Brazil´s first assessment of celiac QOL was in 2018 and obtained a 119.79 (21) and the second CDQ application took place during COVID-19 and found a 125.26 score (45). Authors associate the improvement in celiac well-being in the pandemic period to the reduced social interactions involving gluten-containing food, which have negative repercussions in social and emotional domains, as well as the increase of home meal preparation that is a protective factor to GFD adherence, impacting positively in the emotional, social, worries and symptoms scales 383838.

Regarding the psychometric quality and quantitative parameters, the Cronbach’s alpha for the CDQ domains ranged from 0.80 to 0.91, as instruments are viable when Cronbach’s alpha is higher than 0.7 (18). All adaptations of the questionnaire presented over 0.7 values of Cronbach’s alpha. Therefore, the CDQ is a valid instrument to measure QOL of celiac patients that contemplates HRQOL dimensions.

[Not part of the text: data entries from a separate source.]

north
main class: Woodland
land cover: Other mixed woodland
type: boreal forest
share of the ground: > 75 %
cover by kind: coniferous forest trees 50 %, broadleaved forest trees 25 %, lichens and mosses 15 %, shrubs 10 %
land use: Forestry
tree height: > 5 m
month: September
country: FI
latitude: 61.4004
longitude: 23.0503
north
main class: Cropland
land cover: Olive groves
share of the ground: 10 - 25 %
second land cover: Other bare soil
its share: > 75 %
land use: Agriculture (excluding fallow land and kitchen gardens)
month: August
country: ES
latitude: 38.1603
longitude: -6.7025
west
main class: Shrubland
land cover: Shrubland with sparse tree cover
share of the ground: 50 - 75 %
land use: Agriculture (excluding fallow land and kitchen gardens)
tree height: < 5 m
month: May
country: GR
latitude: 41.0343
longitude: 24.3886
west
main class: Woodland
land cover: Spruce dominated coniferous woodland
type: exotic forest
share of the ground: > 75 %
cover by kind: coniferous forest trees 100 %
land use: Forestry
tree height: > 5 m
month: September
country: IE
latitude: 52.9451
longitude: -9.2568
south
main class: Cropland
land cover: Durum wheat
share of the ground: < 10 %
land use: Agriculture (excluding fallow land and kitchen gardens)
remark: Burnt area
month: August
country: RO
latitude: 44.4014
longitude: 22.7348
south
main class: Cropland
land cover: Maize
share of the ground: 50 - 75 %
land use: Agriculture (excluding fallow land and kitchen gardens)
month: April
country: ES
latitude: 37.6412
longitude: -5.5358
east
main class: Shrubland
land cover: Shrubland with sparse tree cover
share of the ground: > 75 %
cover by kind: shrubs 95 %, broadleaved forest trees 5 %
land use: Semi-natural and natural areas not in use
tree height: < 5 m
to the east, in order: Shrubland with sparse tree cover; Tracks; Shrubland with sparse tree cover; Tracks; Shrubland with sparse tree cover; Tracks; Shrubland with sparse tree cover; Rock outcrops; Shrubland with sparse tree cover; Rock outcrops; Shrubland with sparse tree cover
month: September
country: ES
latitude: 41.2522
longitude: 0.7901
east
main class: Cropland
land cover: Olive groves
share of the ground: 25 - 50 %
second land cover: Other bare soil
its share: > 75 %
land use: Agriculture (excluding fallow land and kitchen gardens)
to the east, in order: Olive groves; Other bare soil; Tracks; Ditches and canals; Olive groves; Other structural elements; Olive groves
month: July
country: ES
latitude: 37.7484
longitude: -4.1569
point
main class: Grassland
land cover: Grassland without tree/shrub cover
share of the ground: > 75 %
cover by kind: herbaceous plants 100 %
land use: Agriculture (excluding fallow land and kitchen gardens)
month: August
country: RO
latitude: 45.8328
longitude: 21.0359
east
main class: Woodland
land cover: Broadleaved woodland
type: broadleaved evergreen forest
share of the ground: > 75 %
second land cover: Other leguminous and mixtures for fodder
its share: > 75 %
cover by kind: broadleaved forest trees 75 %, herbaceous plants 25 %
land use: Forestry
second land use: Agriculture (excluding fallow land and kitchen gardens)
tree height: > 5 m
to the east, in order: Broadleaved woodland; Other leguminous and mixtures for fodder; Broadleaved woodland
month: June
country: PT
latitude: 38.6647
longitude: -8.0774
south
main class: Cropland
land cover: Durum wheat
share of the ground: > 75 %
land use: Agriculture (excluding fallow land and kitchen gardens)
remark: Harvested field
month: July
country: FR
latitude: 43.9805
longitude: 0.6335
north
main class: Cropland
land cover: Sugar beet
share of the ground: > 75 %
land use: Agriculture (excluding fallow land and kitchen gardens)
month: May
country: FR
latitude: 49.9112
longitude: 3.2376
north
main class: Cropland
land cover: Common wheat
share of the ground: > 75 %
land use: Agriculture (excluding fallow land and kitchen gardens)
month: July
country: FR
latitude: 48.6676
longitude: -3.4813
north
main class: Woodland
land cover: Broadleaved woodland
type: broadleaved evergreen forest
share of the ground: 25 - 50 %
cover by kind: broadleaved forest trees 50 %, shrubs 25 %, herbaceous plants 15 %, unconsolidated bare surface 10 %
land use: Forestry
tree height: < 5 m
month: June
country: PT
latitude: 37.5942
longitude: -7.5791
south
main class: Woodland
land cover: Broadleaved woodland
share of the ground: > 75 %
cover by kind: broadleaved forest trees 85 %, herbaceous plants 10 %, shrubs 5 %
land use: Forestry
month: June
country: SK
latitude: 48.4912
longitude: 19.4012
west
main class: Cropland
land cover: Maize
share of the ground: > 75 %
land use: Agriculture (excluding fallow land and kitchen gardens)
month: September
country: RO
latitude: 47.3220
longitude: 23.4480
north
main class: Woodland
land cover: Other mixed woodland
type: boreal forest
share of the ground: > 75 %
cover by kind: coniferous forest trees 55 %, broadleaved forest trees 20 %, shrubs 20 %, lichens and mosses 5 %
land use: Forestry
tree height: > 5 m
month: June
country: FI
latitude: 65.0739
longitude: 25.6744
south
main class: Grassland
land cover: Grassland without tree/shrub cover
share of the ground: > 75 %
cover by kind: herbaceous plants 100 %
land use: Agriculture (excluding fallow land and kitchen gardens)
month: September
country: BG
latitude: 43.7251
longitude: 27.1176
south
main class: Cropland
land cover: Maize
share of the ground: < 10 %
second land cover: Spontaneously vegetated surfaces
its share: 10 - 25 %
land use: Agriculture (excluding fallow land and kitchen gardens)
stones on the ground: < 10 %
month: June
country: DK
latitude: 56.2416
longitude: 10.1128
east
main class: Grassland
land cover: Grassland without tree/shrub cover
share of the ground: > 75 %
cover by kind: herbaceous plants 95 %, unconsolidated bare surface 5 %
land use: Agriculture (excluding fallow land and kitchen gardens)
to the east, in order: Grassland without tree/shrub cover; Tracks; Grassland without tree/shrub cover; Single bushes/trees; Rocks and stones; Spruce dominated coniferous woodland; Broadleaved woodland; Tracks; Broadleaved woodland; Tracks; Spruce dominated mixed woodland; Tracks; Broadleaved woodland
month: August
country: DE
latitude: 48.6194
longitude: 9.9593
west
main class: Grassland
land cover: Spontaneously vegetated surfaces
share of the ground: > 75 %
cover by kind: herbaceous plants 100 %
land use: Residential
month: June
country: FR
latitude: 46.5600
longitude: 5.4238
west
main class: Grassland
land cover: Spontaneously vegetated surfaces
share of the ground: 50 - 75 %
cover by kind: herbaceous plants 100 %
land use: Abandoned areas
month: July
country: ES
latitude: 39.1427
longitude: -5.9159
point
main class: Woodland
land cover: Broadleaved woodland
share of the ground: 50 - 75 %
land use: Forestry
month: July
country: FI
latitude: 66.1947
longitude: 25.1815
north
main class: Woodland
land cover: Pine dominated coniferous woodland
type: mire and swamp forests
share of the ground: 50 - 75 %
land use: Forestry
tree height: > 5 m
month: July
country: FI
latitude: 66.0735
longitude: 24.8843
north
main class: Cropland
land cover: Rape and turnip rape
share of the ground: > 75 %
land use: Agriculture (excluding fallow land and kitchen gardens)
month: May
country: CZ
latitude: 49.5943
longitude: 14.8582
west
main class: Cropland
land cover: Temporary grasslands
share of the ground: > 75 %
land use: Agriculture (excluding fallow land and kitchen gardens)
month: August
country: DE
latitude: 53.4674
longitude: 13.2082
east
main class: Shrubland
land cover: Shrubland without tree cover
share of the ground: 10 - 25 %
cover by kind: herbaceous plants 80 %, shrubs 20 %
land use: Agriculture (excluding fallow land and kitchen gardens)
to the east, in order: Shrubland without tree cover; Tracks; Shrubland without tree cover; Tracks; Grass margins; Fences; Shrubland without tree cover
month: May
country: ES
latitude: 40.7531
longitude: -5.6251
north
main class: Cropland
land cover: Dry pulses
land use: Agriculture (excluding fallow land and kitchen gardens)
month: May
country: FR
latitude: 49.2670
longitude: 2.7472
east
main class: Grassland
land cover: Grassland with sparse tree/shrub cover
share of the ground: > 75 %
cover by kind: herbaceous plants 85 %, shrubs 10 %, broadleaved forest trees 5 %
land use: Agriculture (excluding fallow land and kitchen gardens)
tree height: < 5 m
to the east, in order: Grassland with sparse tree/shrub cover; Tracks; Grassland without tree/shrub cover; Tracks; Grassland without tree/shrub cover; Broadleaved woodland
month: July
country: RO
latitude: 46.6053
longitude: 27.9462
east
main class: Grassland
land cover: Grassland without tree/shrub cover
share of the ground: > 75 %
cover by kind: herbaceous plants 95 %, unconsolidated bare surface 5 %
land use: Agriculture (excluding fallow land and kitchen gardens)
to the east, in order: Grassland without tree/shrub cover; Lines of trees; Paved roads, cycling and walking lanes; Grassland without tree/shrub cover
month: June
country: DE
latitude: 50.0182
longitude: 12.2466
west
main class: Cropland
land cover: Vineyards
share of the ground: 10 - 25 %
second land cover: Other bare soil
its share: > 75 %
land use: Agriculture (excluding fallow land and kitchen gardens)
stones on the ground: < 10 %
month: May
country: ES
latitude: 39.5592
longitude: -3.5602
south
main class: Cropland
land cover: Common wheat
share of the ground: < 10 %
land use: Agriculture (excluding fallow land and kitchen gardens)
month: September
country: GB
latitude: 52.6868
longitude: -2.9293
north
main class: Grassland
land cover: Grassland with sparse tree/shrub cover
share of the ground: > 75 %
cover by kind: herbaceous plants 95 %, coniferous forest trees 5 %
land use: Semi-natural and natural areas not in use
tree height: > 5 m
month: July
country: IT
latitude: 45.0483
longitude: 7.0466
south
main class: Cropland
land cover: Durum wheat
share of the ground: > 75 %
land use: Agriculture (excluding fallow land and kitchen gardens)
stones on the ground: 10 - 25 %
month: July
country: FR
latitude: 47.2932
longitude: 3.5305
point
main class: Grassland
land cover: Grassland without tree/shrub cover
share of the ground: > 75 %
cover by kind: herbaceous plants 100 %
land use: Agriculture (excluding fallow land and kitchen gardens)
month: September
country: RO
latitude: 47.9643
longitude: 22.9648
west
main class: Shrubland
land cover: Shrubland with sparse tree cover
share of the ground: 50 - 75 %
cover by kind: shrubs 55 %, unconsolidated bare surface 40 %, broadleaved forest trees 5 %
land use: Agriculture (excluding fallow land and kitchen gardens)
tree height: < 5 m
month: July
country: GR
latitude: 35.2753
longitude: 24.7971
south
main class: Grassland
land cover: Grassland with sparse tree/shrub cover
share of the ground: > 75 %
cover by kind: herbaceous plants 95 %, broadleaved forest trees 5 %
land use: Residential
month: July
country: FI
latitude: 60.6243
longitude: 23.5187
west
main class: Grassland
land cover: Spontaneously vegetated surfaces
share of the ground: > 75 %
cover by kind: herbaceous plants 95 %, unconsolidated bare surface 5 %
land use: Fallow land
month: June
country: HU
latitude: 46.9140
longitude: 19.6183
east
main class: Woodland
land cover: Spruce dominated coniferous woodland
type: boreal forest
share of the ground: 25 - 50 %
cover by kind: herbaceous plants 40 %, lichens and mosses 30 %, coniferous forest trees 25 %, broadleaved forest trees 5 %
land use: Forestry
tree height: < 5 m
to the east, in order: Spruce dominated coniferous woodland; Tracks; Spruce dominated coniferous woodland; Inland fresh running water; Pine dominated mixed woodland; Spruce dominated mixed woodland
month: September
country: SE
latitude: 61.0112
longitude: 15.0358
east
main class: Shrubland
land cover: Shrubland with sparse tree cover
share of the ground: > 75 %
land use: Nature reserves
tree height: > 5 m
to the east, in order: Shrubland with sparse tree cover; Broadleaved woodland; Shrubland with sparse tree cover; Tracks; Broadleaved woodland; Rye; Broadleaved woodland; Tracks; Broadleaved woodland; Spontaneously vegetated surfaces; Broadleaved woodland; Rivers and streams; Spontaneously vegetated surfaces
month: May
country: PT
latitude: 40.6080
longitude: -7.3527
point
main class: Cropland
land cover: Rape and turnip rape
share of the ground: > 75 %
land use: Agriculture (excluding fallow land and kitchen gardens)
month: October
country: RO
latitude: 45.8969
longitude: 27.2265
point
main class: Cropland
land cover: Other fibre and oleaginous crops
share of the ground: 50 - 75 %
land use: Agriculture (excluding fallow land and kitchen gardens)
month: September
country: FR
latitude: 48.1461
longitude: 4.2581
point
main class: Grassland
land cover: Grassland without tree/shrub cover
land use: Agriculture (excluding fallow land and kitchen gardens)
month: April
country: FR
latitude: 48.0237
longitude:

Celiac disease specific quality of life instrument

The CD-QOL is a quantitative, self-administered questionnaire of 20 items distributed across four subscales: limitations, dysphoria, health concerns, and inadequate treatment (19). Researchers sought to capture in the instrument how patients perceive changes in their daily lives after diagnosis by consulting a celiac support group for input during the focus group stage (19). The answers to each item are allocated into a 5-point Likert Scale response, ranging from “not at all” to “a great deal”.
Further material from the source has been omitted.